» **Records for this exercise**:
▬▬▬
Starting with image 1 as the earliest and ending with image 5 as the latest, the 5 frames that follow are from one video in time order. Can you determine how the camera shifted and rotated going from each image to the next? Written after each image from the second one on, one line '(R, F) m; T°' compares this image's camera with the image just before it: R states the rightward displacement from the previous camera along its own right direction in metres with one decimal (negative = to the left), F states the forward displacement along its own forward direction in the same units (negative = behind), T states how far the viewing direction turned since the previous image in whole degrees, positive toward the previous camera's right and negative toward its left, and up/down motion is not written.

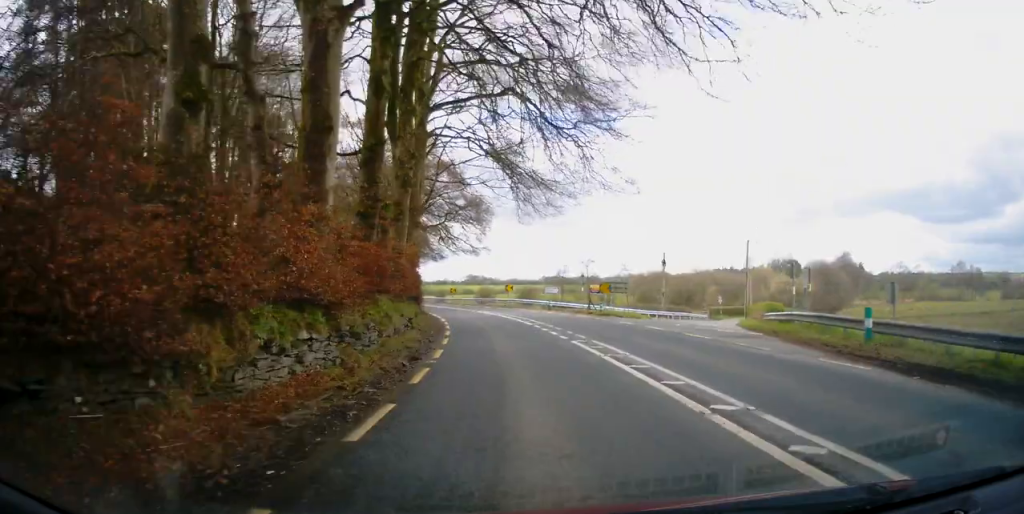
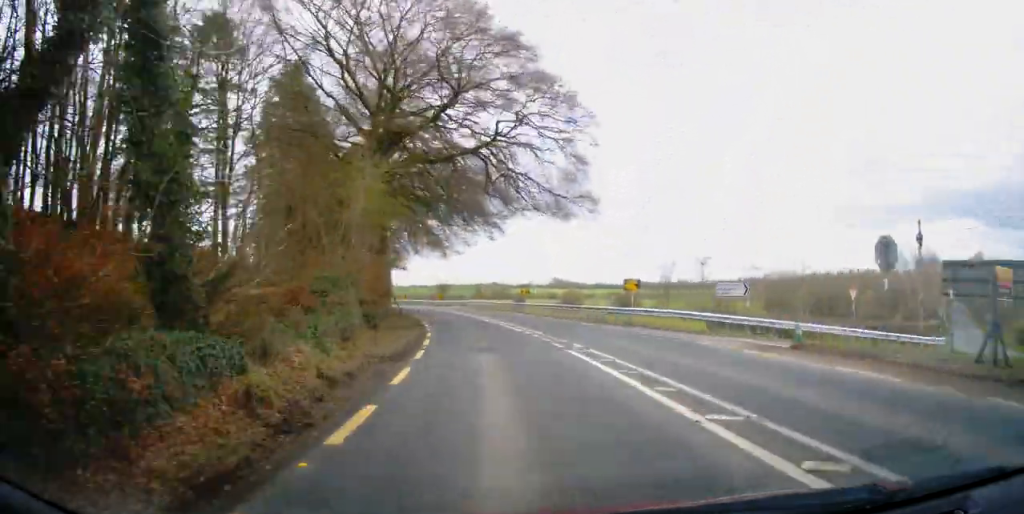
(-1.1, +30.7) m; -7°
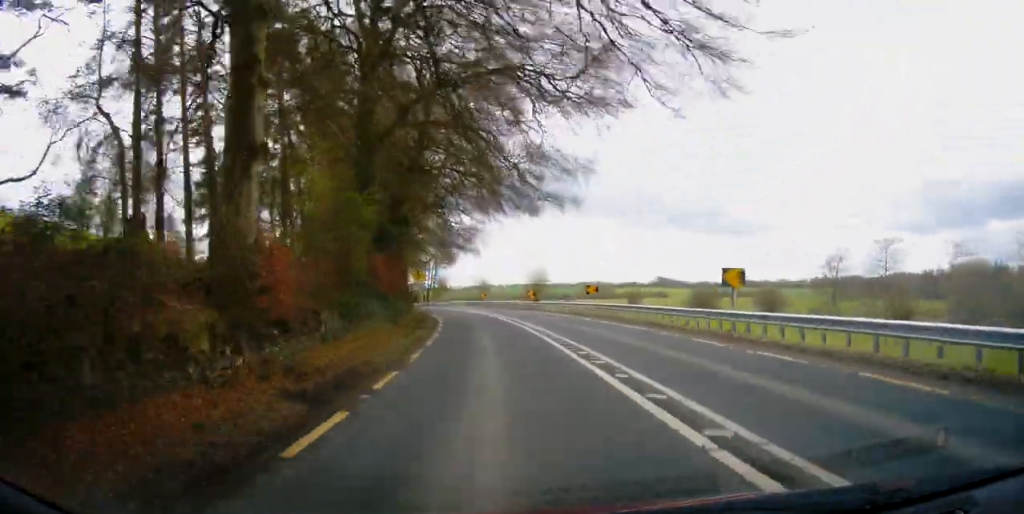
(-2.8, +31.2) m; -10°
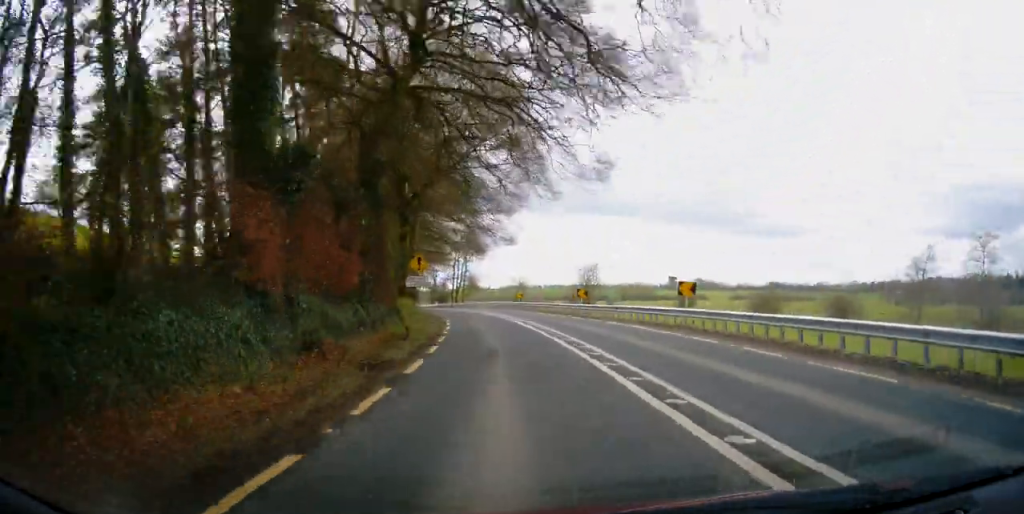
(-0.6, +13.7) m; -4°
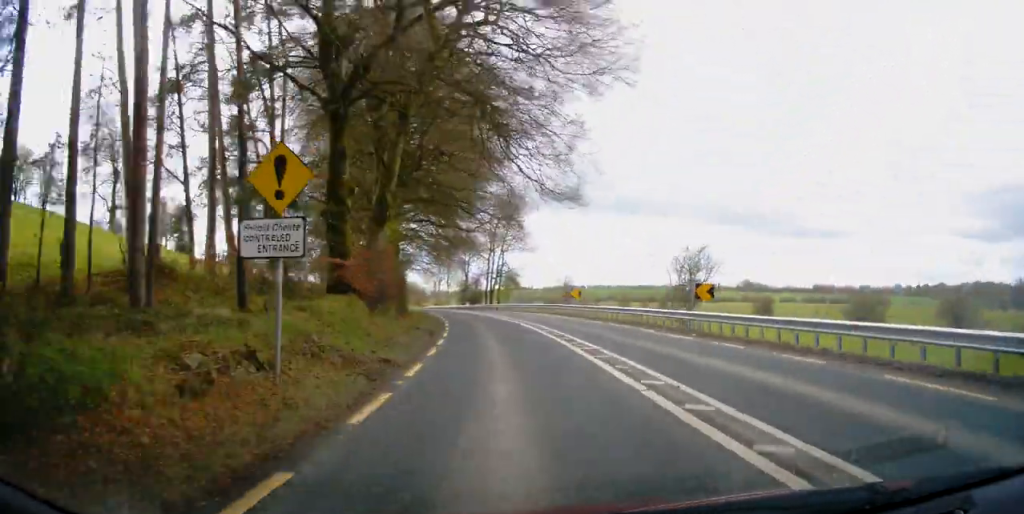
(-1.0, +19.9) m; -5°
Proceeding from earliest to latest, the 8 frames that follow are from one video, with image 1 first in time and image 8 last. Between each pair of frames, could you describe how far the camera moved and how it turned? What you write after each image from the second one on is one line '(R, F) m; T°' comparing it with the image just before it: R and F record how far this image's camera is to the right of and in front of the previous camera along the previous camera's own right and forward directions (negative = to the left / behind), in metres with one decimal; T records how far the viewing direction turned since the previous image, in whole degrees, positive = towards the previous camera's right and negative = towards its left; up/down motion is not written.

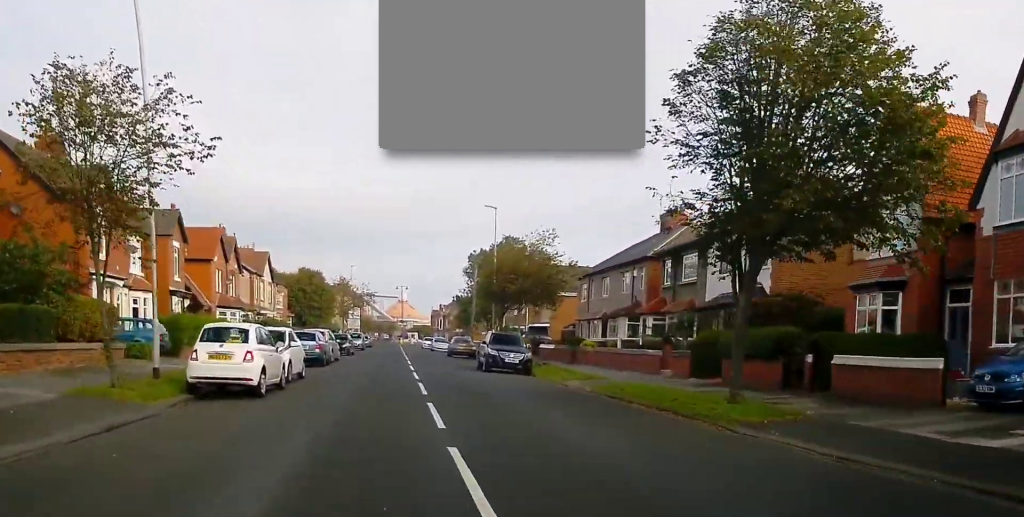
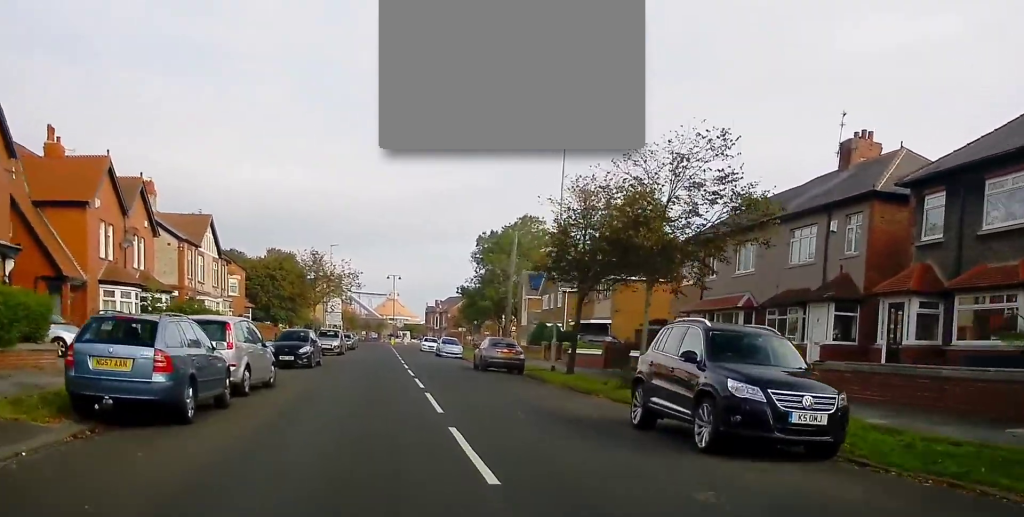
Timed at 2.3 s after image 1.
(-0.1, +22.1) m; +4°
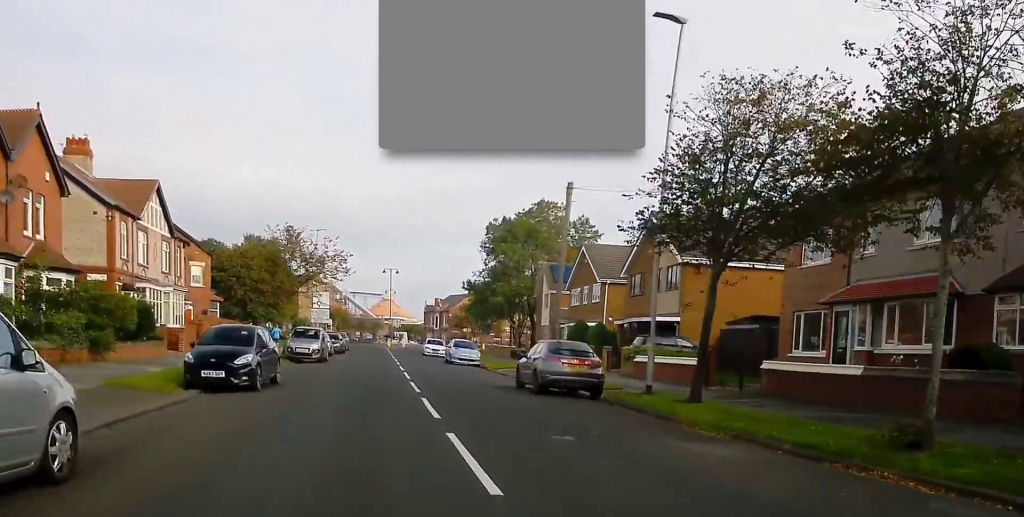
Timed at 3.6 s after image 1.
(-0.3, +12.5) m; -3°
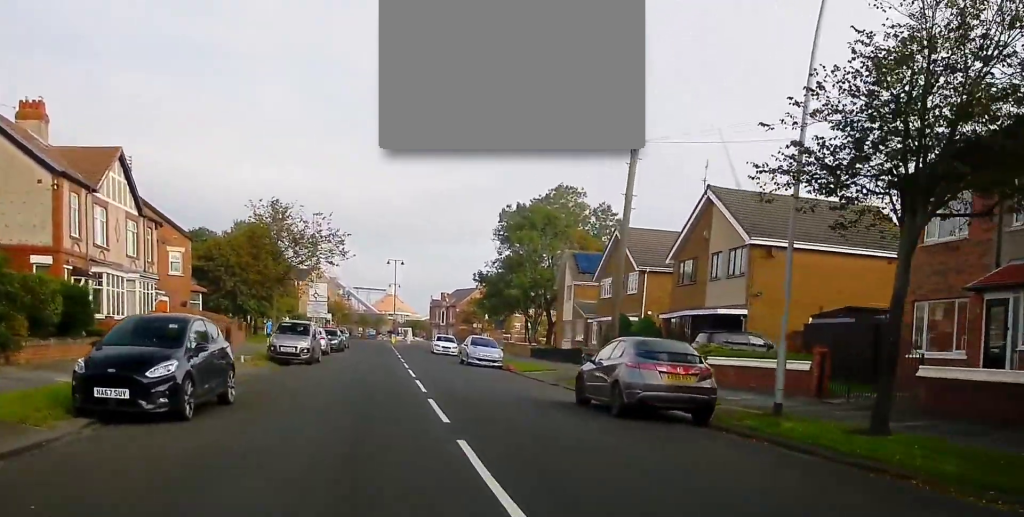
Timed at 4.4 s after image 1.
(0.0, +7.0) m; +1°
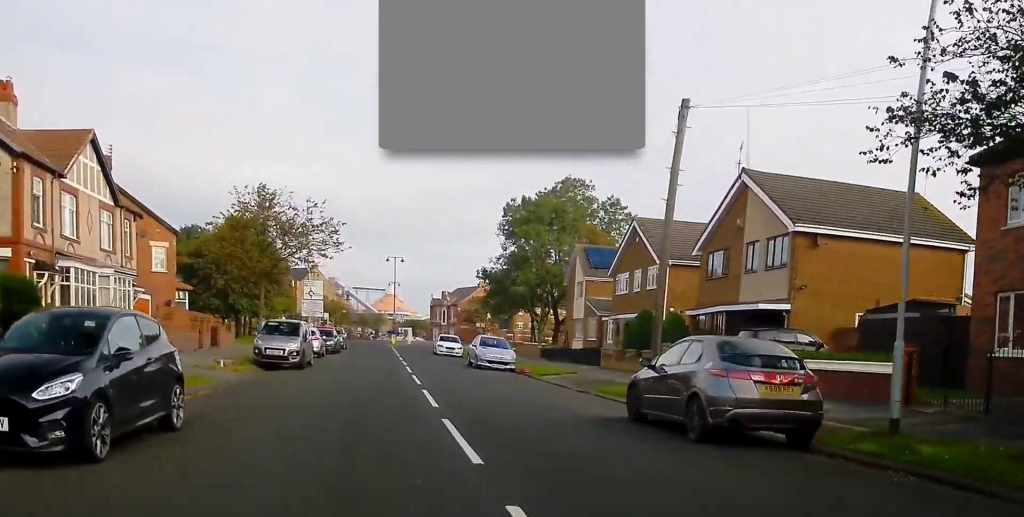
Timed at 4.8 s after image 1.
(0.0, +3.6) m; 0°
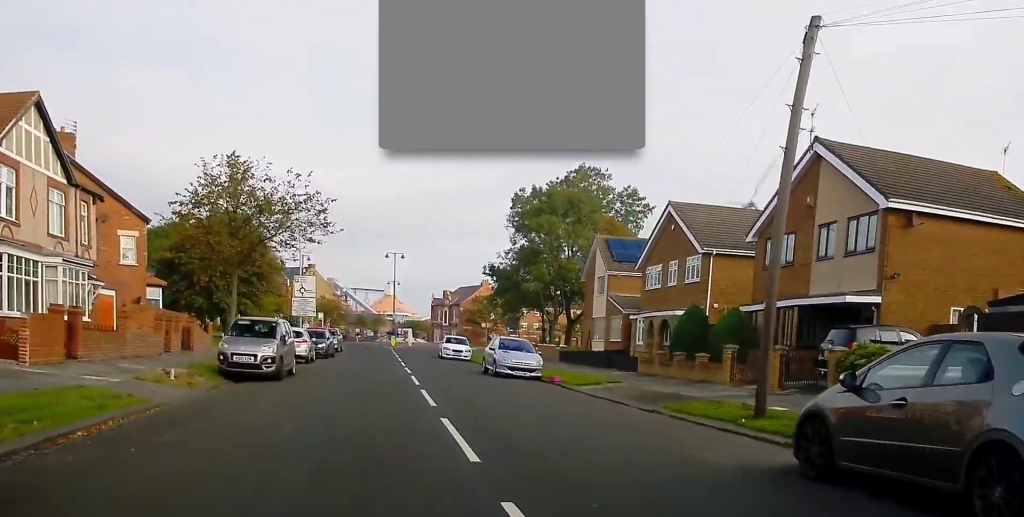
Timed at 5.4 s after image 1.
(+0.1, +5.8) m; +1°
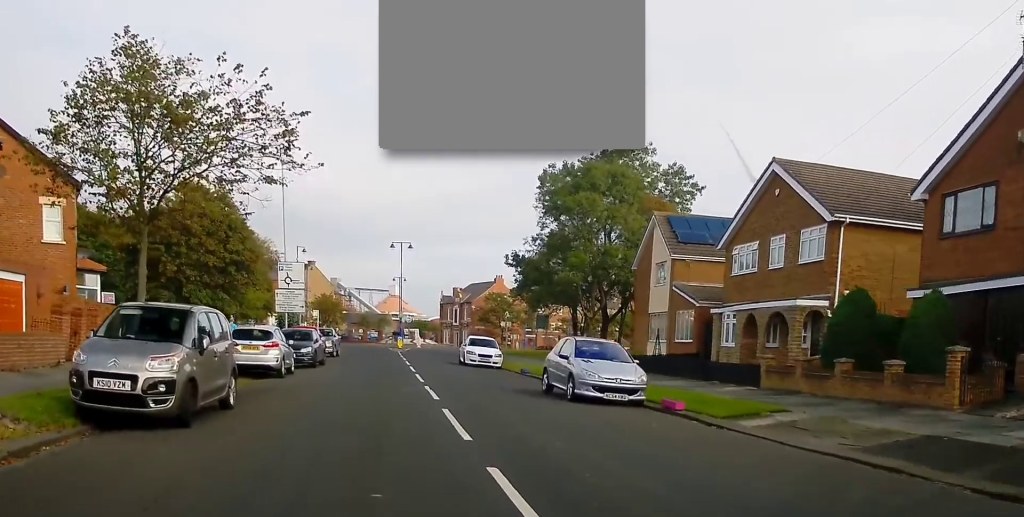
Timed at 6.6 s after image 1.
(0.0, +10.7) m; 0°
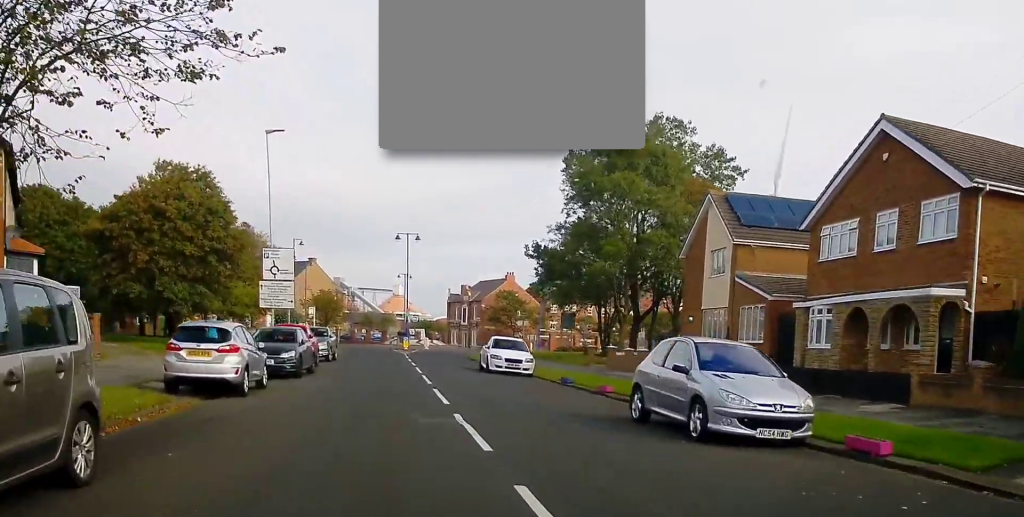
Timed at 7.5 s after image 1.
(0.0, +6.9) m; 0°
▬▬▬
» **What you need to do**:
The lines from the one containing "Timed at 6.6 s after image 1." through the last line of the data above are to be transcribed exactly, both included, with all pictures left out.

» **Expected answer**:
Timed at 6.6 s after image 1.
(0.0, +10.7) m; 0°
Timed at 7.5 s after image 1.
(0.0, +6.9) m; 0°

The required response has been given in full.